Have FDA Safety Communications Altered Opioid Cough Prescribing Behaviors?

Cough and cold medications containing codeine and hydrocodone have been used in children for years, despite links to misuse and addiction in adolescents, as well as the potential for fatal respiratory depression in adolescents. young children. The United States Food and Drug Administration (FDA) issued a safety communication contraindicating the use of codeine in children aged 0-11 years on April 20, 2017, and then on January 11, 2018, the FDA issued announced that cough and cold medicines containing codeine and 11, 2018, the FDA released a safety communication announcing that codeine and hydrocodone are no longer approved for use in children and adolescents aged 0 to 17. One investigation examined whether these 2 changes were related to changes in prescribing behaviors for cough and cold medications with codeine and hydrocodone in children and adolescents.1

Investigators looked at the 2014-2019 IQVIA longitudinal prescribing data, which includes 92% of all retail pharmacies in the United States. Months of security communications were excluded from the scans.

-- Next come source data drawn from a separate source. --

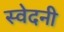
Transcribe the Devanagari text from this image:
स्वेदनी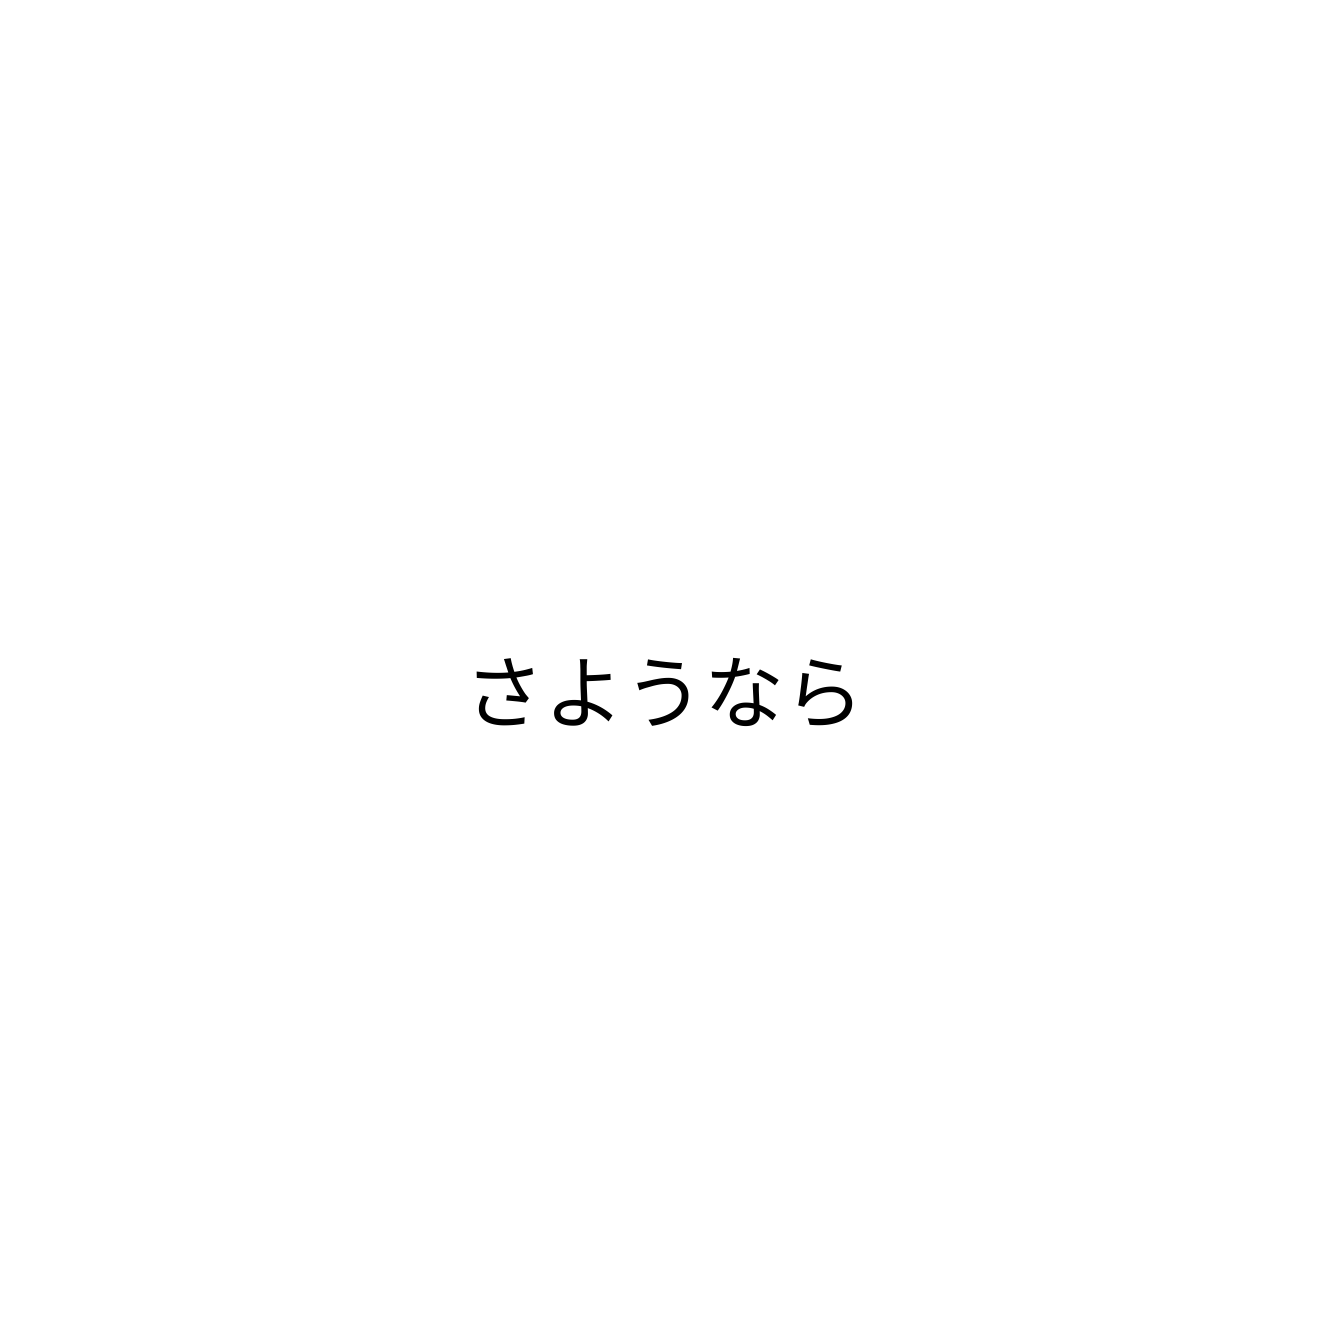
さようなら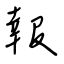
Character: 報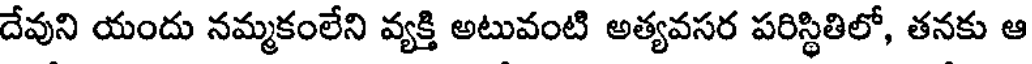
దేవుని యందు నమ్మకంలేని వ్యక్తి అటువంటి అత్యవసర పరిస్థితిలో, తనకు ఆ
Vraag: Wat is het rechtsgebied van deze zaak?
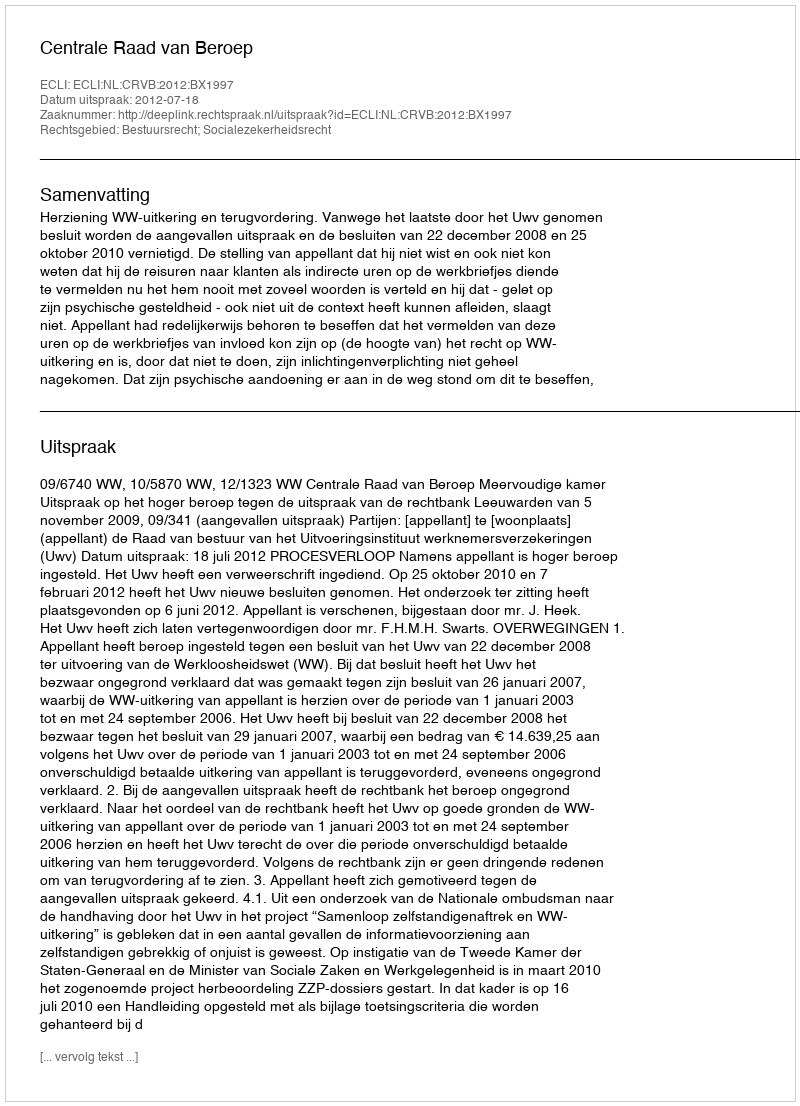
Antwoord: Bestuursrecht; Socialezekerheidsrecht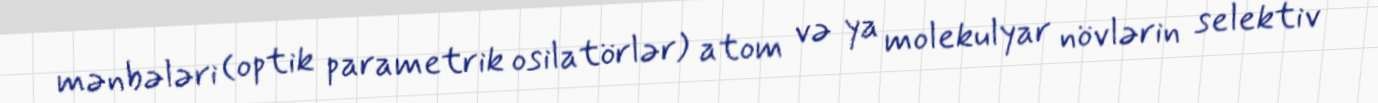
mənbələri (optik parametrik osilatörlər) atom və ya molekulyar növlərin selektiv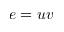
e = u v

Form 2014-2019, they found 1,145,357 prescriptions for cough and cold medicine containing codeine and hydrocodone for children and adolescents aged 0-17 years. Almost 60% of these prescriptions were for adolescents. Prescriptions were most often written by family physicians (28.9%), pediatricians (22.2%) and nurse practitioners (10.5%). During the period 2014-2019, codeine-based cough and cold medicines increased from 232,140 in 2014 to 23,008 in 2019. No communication was linked to changes in level or slope in patients. children aged 0 to 11 or adolescents aged 12 to 17. Among hydrocodone-based drugs, prescriptions increased from 132,501 in 2014 to 32,232 in 2019. The 2018 safety communication was not related to level changes, but was related to an increase in slope.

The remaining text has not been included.